Exercise requirements:
Copy out the whole listing exactly as given. Skip the pictures.
┌────────
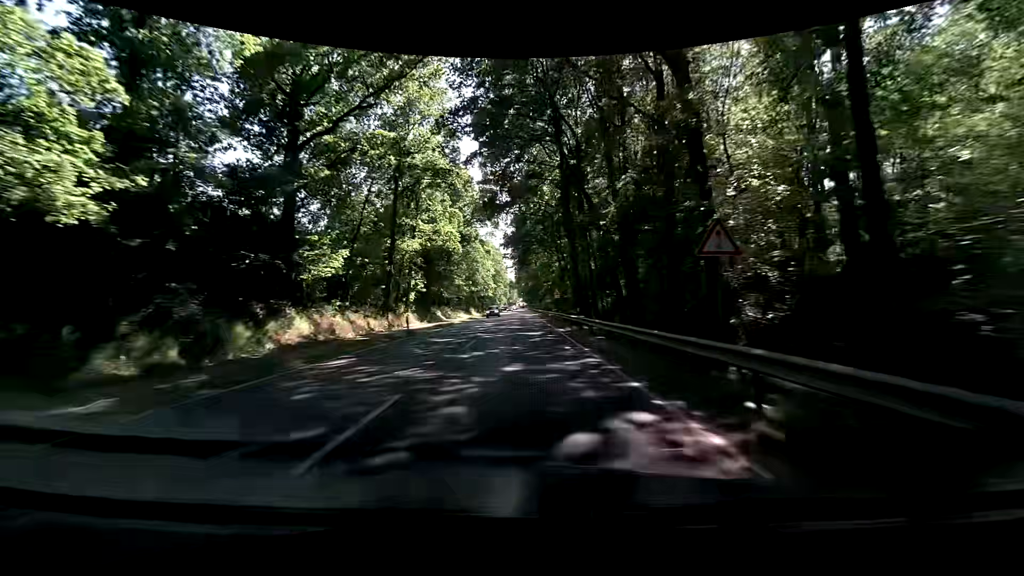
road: primary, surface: asphalt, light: Day
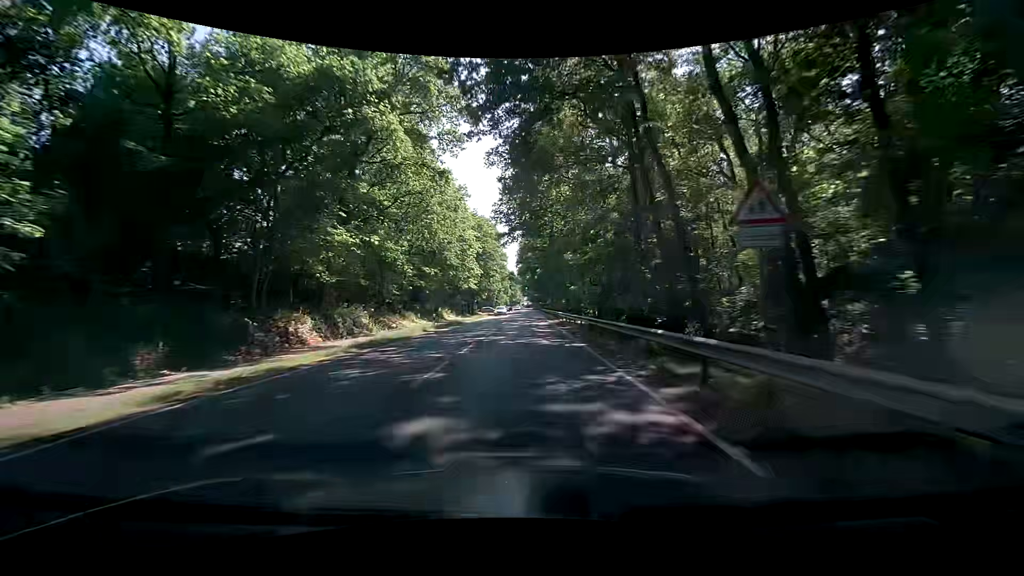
(-0.2, +43.2) m; -1°
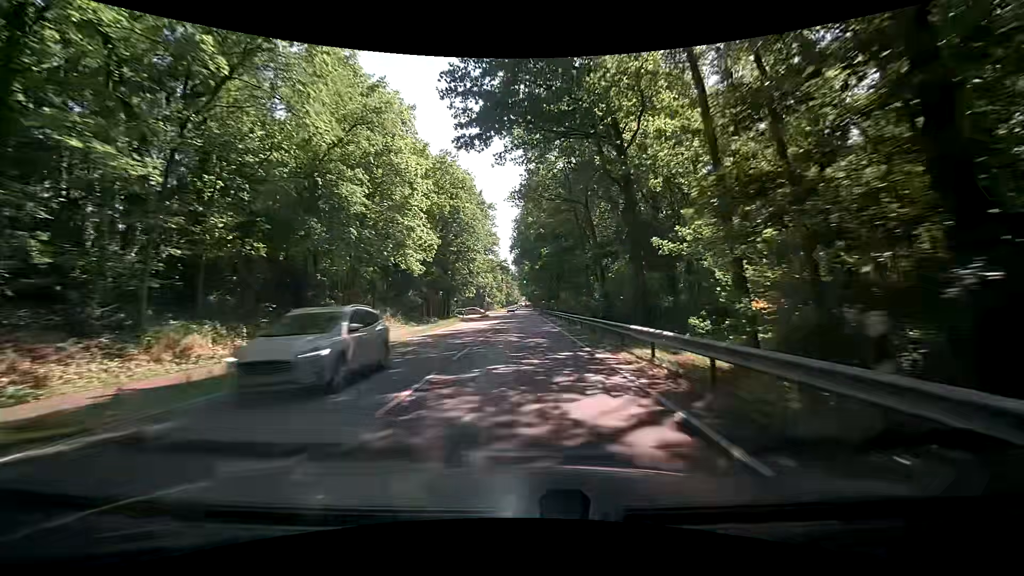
(+0.1, +32.4) m; +1°
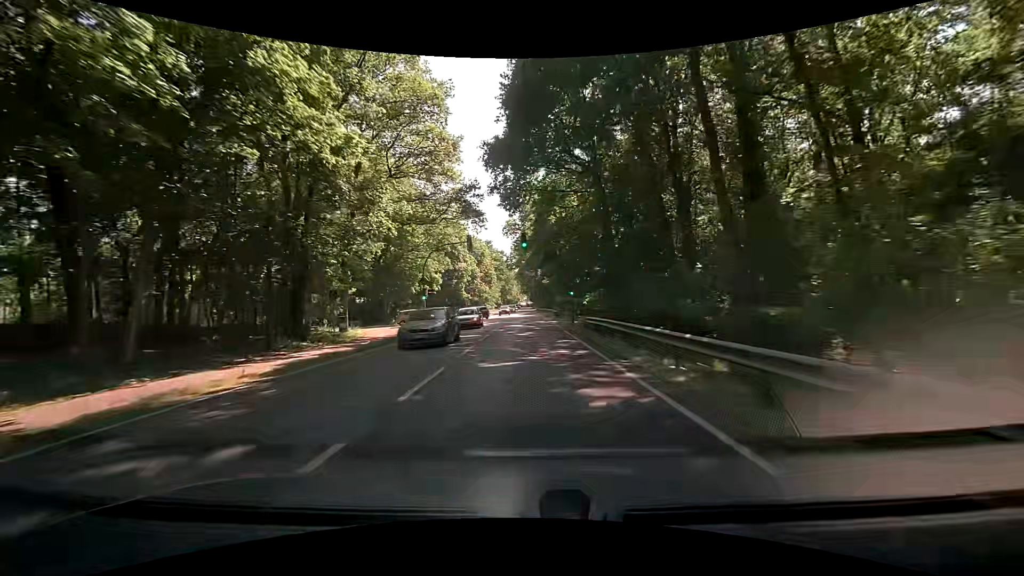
(-0.6, +54.0) m; -1°
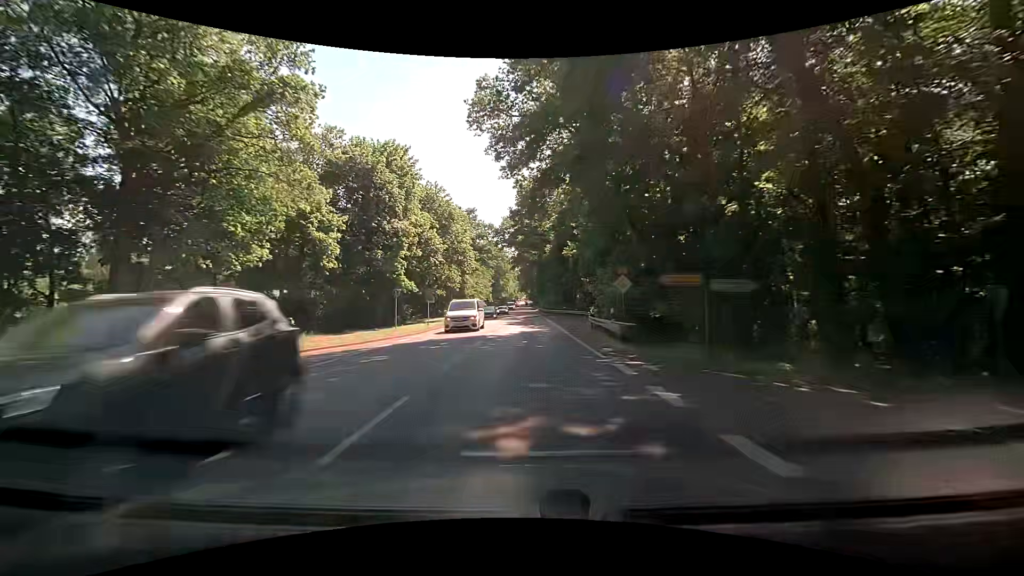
(-0.2, +43.2) m; 0°
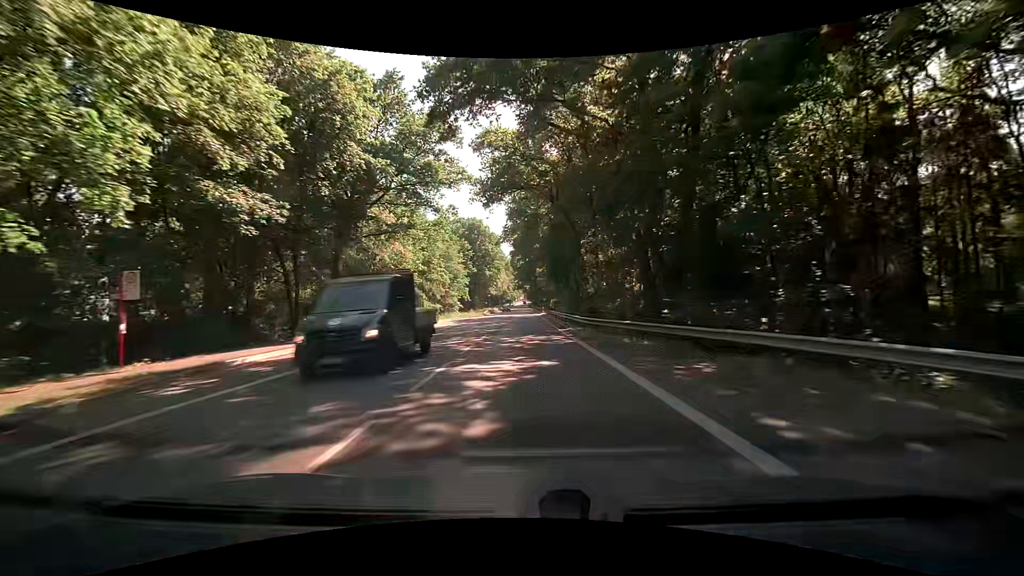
(-0.1, +54.0) m; 0°
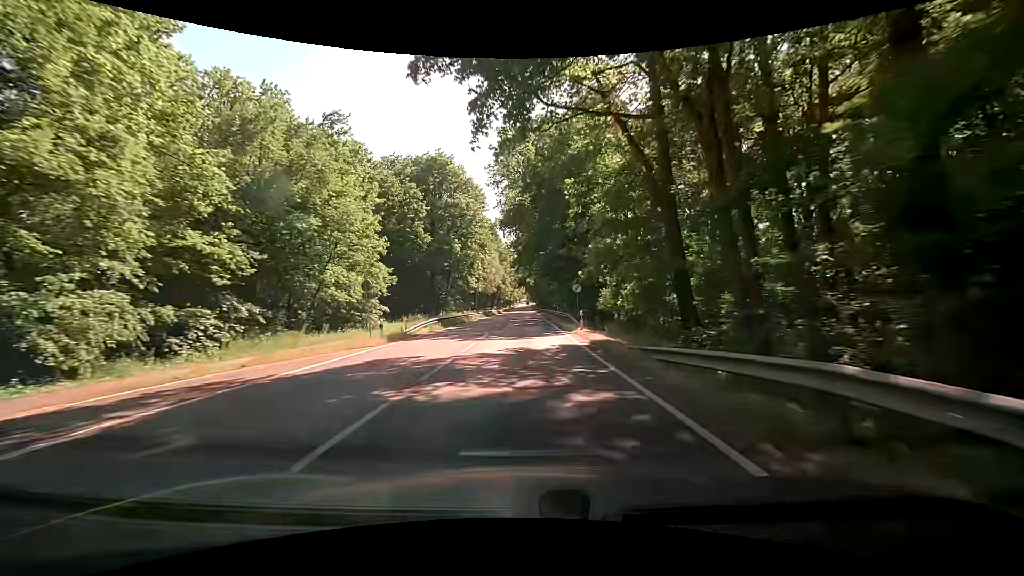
(-0.3, +53.9) m; -1°
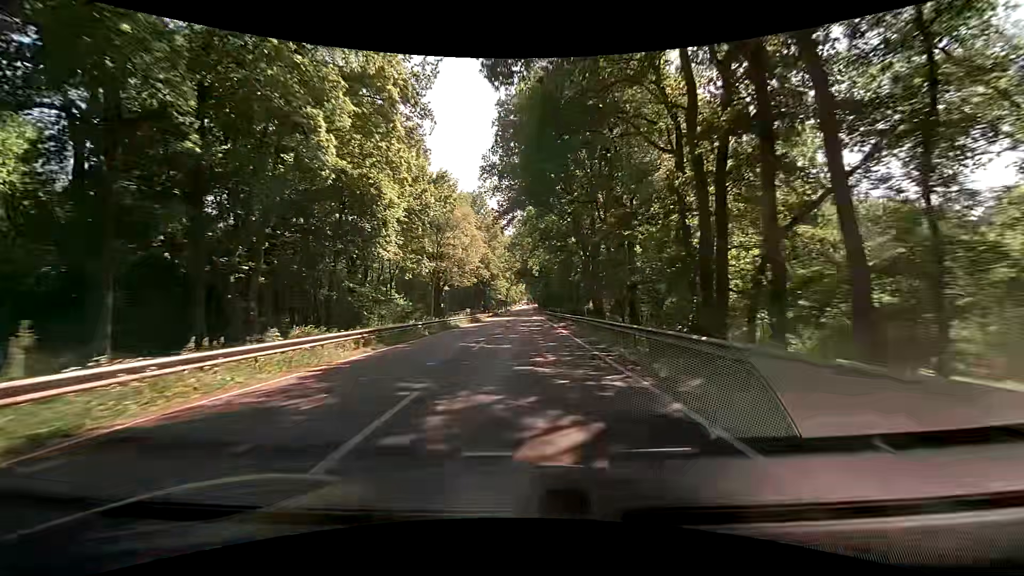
(-0.1, +54.1) m; +1°
(0, +10) (0, +20) (0, +30) (0, +40) (-1, +50) (-1, +60) (-1, +70) (-1, +80) (-1, +90) (-1, +100) m
└────────
Response area:
road: primary, surface: asphalt, light: Day
(-0.2, +43.2) m; -1°
(+0.1, +32.4) m; +1°
(-0.6, +54.0) m; -1°
(-0.2, +43.2) m; 0°
(-0.1, +54.0) m; 0°
(-0.3, +53.9) m; -1°
(-0.1, +54.1) m; +1°
(0, +10) (0, +20) (0, +30) (0, +40) (-1, +50) (-1, +60) (-1, +70) (-1, +80) (-1, +90) (-1, +100) m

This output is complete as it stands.